4 February 2022
Michael Upshall
UNSILO, Cactus Communications
Scholarly publishing, whether published open-access or by subscription, has an enviable record of quality. Given the number of new articles published every year – estimates range between three and four million – the number of articles retracted or corrected is tiny, no more than 500 or 600 (according to Retraction Watch). Nonetheless, given the steady increase in the number of articles published, it is no longer possible to carry out all the standard checks on a manuscript that were traditionally done in the publisher’s offices by hand. The age of manual checking is over; but on that point, as far as the manuscript submission process is concerned, open-access publishing has a lesson for traditional publishers can learn from.
Several companies, including UNSILO, Ripeta, Scholarcy, and others, have in recent years focused on identifying checks to aid the submission process, by examining the submission workflow and discussing it with authors and publishers. In this way, well over 50 separate operations have been reviewed that can identify potential problems with an article – and many of these can use automation to help. With the seemingly inexorable rise of articles published, it seems obvious that the use of technology to assist in running a standard set of checks to ensure articles are of satisfactory quality is essential. Given the time constraints publishers work with, making the human publisher’s time more effective seems an essential task.

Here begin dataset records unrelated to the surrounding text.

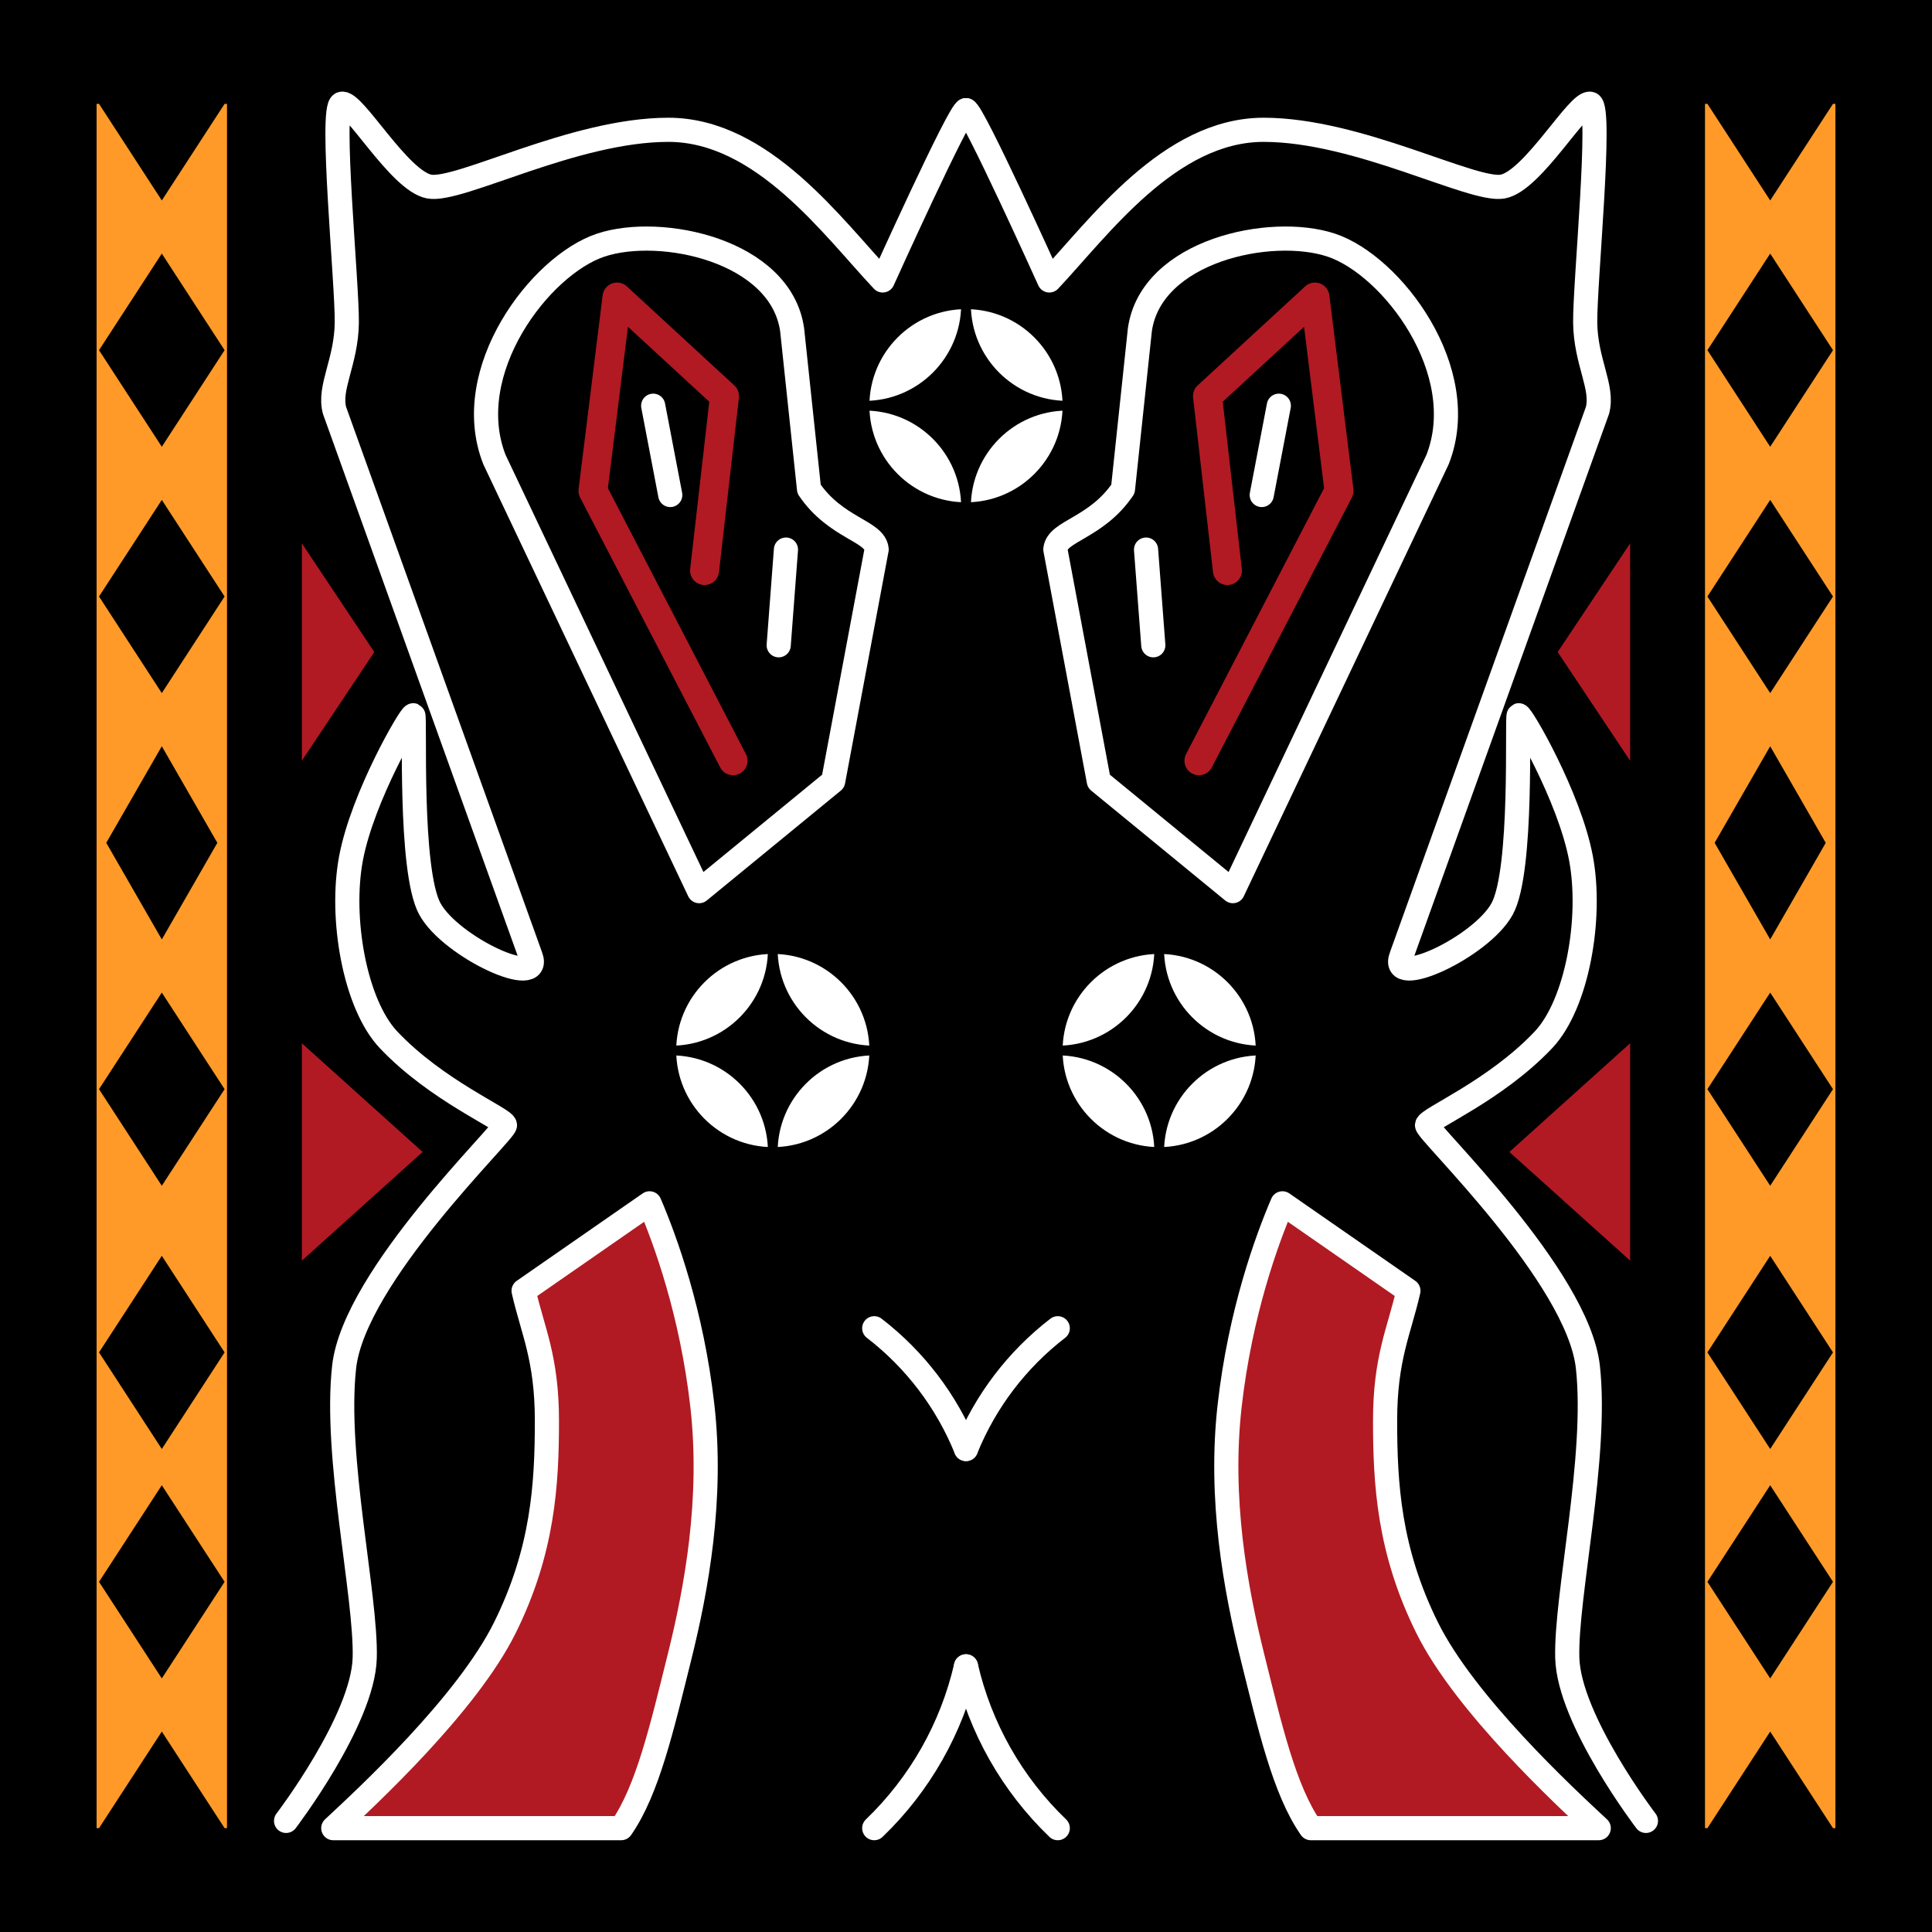 <?xml version="1.0" encoding="UTF-8" standalone="no"?>
<svg
	xmlns:svg="http://www.w3.org/2000/svg"
	xmlns="http://www.w3.org/2000/svg"
	xmlns:xlink="http://www.w3.org/1999/xlink"
	version="1.0"
	width="800"
	height="800">
	<title>Torajan pattern - Pa'tedong</title>
	<defs>
		<clipPath id="clipPath3366">
			<circle cx="400" cy="168" r="40" style="fill:#c0c0c0;stroke:none" />
		</clipPath>
	</defs>
	<rect width="800" height="800" x="0" y="0" style="fill:#000000;stroke:none" />
	<path id="SideLadder"
		d="M 40,43 L 40,757 L 41,757 L 67,717 L 93,757 L 94,757 L 94,43 L 93,43 L 67,83 L 41,43 L 40,43 z M 67,105 L 93,145 L 67,185 L 41,145 L 67,105 z M 67,207 L 93,247 L 67,287 L 41,247 L 67,207 z M 67,309 L 90,349 L 67,389 L 44,349 L 67,309 z M 67,411 L 93,451 L 67,491 L 41,451 L 67,411 z M 67,520 L 93,560 L 67,600 L 41,560 L 67,520 z M 67,615 L 93,655 L 67,695 L 41,655 L 67,615 z"
		style="fill:#ff9a28;stroke:none" />
	<use xlink:href="#SideLadder" transform="translate(666,0)" />
	<g id="MasterEye" clip-path="url(#clipPath3366)" style="fill:#ffffff;stroke:none" >
		<circle cx="400" cy="168" r="40" transform="translate(42,-42)" />
		<circle cx="400" cy="168" r="40" transform="translate(-42,-42)" />
		<circle cx="400" cy="168" r="40" transform="translate(-42,42)" />
		<circle cx="400" cy="168" r="40" transform="translate(42,42)" />
	</g>
	<use xlink:href="#MasterEye" transform="translate(-80,267)" />
	<use xlink:href="#MasterEye" transform="translate(80,267)" />
	<polygon id="path3390" points="125,225 155,270 125,315"
		style="fill:#b11a23;stroke:none" />
	<use xlink:href="#path3390" transform="matrix(-1,0,0,1,800,0)" />
	<polygon id="path3396" points="125,432 175,477 125,522"
		style="fill:#b11a23;stroke:none" />
	<use xlink:href="#path3396" transform="matrix(-1,0,0,1,800,0)" />
	<path id="BigBlotch"
		d="M 268.969,498.273 C 275.45,513.357 286.448,543.499 290.821,582.004 C 295.198,620.547 288.46,657.715 281.31,686.384 C 274.181,714.969 268.197,741.279 257.216,757 L 138,757 C 152.15,743.846 193.384,705.639 209.064,673.989 C 224.882,642.062 226.464,614.567 226.464,588.224 C 226.464,562.235 220.537,550.977 216.807,534.481 L 268.969,498.273 z"
		style="fill:#b11a23;stroke:#ffffff;stroke-width:10;stroke-linecap:round;stroke-linejoin:round" />
	<use xlink:href="#BigBlotch" transform="matrix(-1,0,0,1,800,0)" />
	<g id="LeftBatch">
		<path
			d="M 328,136.5 L 335,202.5 C 346.111,218.869 362.326,219.782 363,227.5 L 345,323.5 L 289.5,369 L 204.743,190.314 C 190.35,153.72 223.655,109.839 248.767,101.497 C 273.775,93.19 323.306,103.774 328,136.5 z"
			style="fill:none;stroke:#ffffff;stroke-width:10;stroke-linecap:round;stroke-linejoin:round" />
		<path
			d="M 303.536,315 L 245.536,203.25 L 255.5,123 L 300,164 L 291.75,236.25"
			style="fill:none;stroke:#b11a23;stroke-width:12;stroke-linecap:round;stroke-linejoin:round" />
		<path
			d="M 270.468,168 L 277.539,204.97"
			style="fill:none;stroke:#ffffff;stroke-width:10;stroke-linecap:round;stroke-linejoin:miter" />
		<path
			d="M 325.446,227.574 L 322.441,267.195"
			style="fill:none;stroke:#ffffff;stroke-width:10;stroke-linecap:round;stroke-linejoin:miter" />
	</g>
	<use xlink:href="#LeftBatch" transform="matrix(-1,0,0,1,800,0)" />
	<path id="SnakePath"
		d="M 400,45.625 C 397.317,45.625 365.5,116.125 365.5,116.125 C 344.912,94.26 315.775,53.75 276.75,53.75 C 237.475,53.75 190.215,79.549 177.75,77.25 C 165.2,74.936 146.22,41.148 141.375,43 C 136.618,44.819 143.778,117.232 143.605,133.536 C 143.432,149.839 135.945,160.411 138.53,169.965 L 219.707,395.889 C 225.161,410 186.75,392.305 178.005,376.374 C 169.26,360.444 172.059,296.566 171.123,296.177 C 170.081,295.743 150.168,329.823 145.351,355.376 C 140.664,380.245 146.956,415.819 160.863,430.54 C 180.872,451.718 208.816,463.161 209.101,465.875 C 209.387,468.589 146.707,528.366 142.5,566 C 138.355,603.083 151.709,660.9 151.025,686.471 C 150.337,712.218 118.459,753.995 118.459,753.995"
		style="fill:none;stroke:#ffffff;stroke-width:10;stroke-linecap:round;stroke-linejoin:round" />
	<use xlink:href="#SnakePath" transform="matrix(-1,0,0,1,800,0)" />
	<path id="path3487"
		d="M 400,600 C 408.004,580.256 421.119,562.998 438,550"
		style="fill:none;stroke:#ffffff;stroke-width:10;stroke-linecap:round" />
	<use xlink:href="#path3487" transform="matrix(-1,0,0,1,800,0)" />
	<path id="path3493"
		d="M 438,757 C 419.096,738.831 405.891,715.55 400,690"
		style="fill:none;stroke:#ffffff;stroke-width:10;stroke-linecap:round" />
	<use xlink:href="#path3493" transform="matrix(-1,0,0,1,800,0)" />
</svg>

As far as the submission process is concerned, Open Access and subscription journal publishing should be identical. The author writes an article, and checks it for a number of criteria, then the publisher also checks it before acceptance for publication. It is surprising, therefore, to see how much of a difference there is between submission workflows in fully OA publishers and those of the more traditional publishers. While in both cases the author and the publisher share a common goal in getting to publication as quickly as possible with the highest possible quality, OA-only publishers have typically put more focus on using automation to assist the workflow than traditional publishers. Perhaps this is the inevitable consequence of setting up business processes: once a business process is set up, there is no incentive to change what already works. The large traditional publishers have been processing manuscript submissions for many years, while the new OA publishers, in contrast, setting up a system from scratch, did not need to adhere to traditional practices. As a result, OA publishers tend to be using more automated checks than subscription publishers.
As an example of the kind of tools available, consider the checks available to authors and to publishers. Several companies provide suites of checks for authors to run on their own manuscript before submission, checking bibliographic style, count of words, and so on. In addition, there are several checks a publisher would want to check independently of the author: broadly speaking, these cover the integrity of the publication. These include checks for plagiarism, for image manipulation, for salami-slicing, for excessive use of self-citations, among others. Recent initiatives are also assessing any data provided as part of the article.
What makes an effective automatic check? Broadly speaking there are two types. The simplest check is just finding or counting. Counting the number of words in a submission is trivial, but far quicker than doing it by hand. Identifying references at the end of the article that have not been cited in the article is still a very simple check, but something that would take a human many minutes to carry out. Even if 95% of submissions are perfect in this respect, to run an automatic check ensures a more consistent quality.
More advanced are checks using a training set. For example, UNSILO has a check for conflict of interest statements in a manuscript. This check does not simply search for phrases including “conflict of interest” or similar syntactic variants, but makes use of a training set compiled by humans reading hundreds of similar articles. Whenever a human reader sees a sentence in the training set that appears to have a possible conflict-of-interest implication, the sentence is highlighted for the author (or editor) to review; an example might be “this article was sponsored by XYZ Labs”, or “ABC Pharmaceuticals commissioned the research”. Importantly, in a check of this kind, the machine does not make any judgement. All it does is find potential problems, and then provides the evidence for the human to make a decision. The process resembles the combination of machine- and human checks on fraudulent credit card transactions. There are far too many transactions for any human team to assess by hand, so a machine identifies unusual transactions for a specific kind of account, and a human examines the queried transactions to check if they should be investigated further or not. The result is a more secure process, for the benefit of the user and the bank.
AI tools can be used with great effectiveness to check the integrity of a publication. Some of the checks available include:
- Excessive self-citing
- Substantial overlap with other articles on the same topic: this is traditionally done using string matching, but more advanced systems use concept matching to identify if the same argument is being presented using different phrasing
- An unusually high number of old references
The effective use of AI-based tools – to identify, not necessarily to fix problems – can ensure a consistently higher quality of submission without reducing time to publication. As always with AI, the effective solution is not to rely on the AI to deliver solutions, but to provide evidence to the human so they can make an informed decision. While most of the major open-access publishers make use of these tools already, traditional subscription publishers can make use of the same approach.